Church ministry taps into love for animals

Nashville, USA - Most churches have a youth minister. Kimberly Newsom is in charge of a different demographic: She's her church's pet minister.

Newsom is founder of Soul's Companions, a ministry of Religious Science of Nashville that promotes awareness and lends support to animal activists and owners struggling with a sick pet or grieving a lost pet.

On June 18, the ministry will draw on the church's country singers and songwriters — Ranger Doug of Riders in the Sky is among the church's members — to hold a concert to raise money for the ministry.

The church is one of many responding to Americans' growing devotion to their pets by, for example, offering special services in which pets are blessed and counseling for owners mourning a lost pet.

When the Religious Science of Nashville held a pet blessing service in April, about 40 people turned out — with their dogs and cats in tow.

"Animals, of course, are an expression of God. We're all made by the same Creator," says Newsom, who is studying to become a licensed minister through Religious Science International, with which Religious Science of Nashville is affiliated.

She's already licensed by the church to do counseling and preside over ceremonies that mark a pet's passing. "I felt like there needs to be a voice for those that have none."

Religious Science of Nashville is the state's only congregation affiliated with Religious Science International, a church popular in California that is based on the belief that a person's thoughts and actions create his reality.
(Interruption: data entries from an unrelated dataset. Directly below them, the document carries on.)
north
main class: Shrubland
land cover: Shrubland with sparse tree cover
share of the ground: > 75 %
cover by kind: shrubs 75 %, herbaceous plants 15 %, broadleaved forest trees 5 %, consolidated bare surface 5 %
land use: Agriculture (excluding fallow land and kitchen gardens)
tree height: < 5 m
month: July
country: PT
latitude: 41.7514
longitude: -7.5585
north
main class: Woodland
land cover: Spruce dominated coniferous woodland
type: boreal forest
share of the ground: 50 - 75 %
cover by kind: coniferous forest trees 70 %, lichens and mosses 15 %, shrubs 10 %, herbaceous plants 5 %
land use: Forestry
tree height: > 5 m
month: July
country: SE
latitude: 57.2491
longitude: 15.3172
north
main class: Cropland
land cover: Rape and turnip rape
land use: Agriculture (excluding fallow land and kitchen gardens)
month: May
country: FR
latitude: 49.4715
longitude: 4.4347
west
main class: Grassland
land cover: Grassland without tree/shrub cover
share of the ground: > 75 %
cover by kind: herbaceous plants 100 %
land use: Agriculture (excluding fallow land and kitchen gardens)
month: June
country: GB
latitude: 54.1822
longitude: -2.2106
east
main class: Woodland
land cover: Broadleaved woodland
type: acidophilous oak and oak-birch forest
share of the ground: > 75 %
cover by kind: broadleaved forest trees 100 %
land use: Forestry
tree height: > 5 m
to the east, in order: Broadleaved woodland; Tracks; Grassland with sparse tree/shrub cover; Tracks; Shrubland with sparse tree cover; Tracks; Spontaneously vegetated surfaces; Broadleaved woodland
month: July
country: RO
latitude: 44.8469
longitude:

The church was started in the early 1900s by a scholar of the Church of Christ, Scientist, and it shares some beliefs with that faith.

Mitch Johnson, himself a singer and songwriter who penned the Kendalls' Old Fashioned Love, founded Religious Science of Nashville 16 years ago after moving here from California. The congregation now has some 250 members and worships Sundays in an old Baptist church building in west Nashville.

Newsom, owner of six miniature pinschers and two cats, had wanted to start an animal ministry for years and with her husband, Michael, kicked off Soul's Companions last August with a dog wash that benefited the Humane Society.

"Pets kind of reflect back to you how you treat them. Animals are very receptive to prayer work," she says. "They're connected to us. They're just God's creation as animals."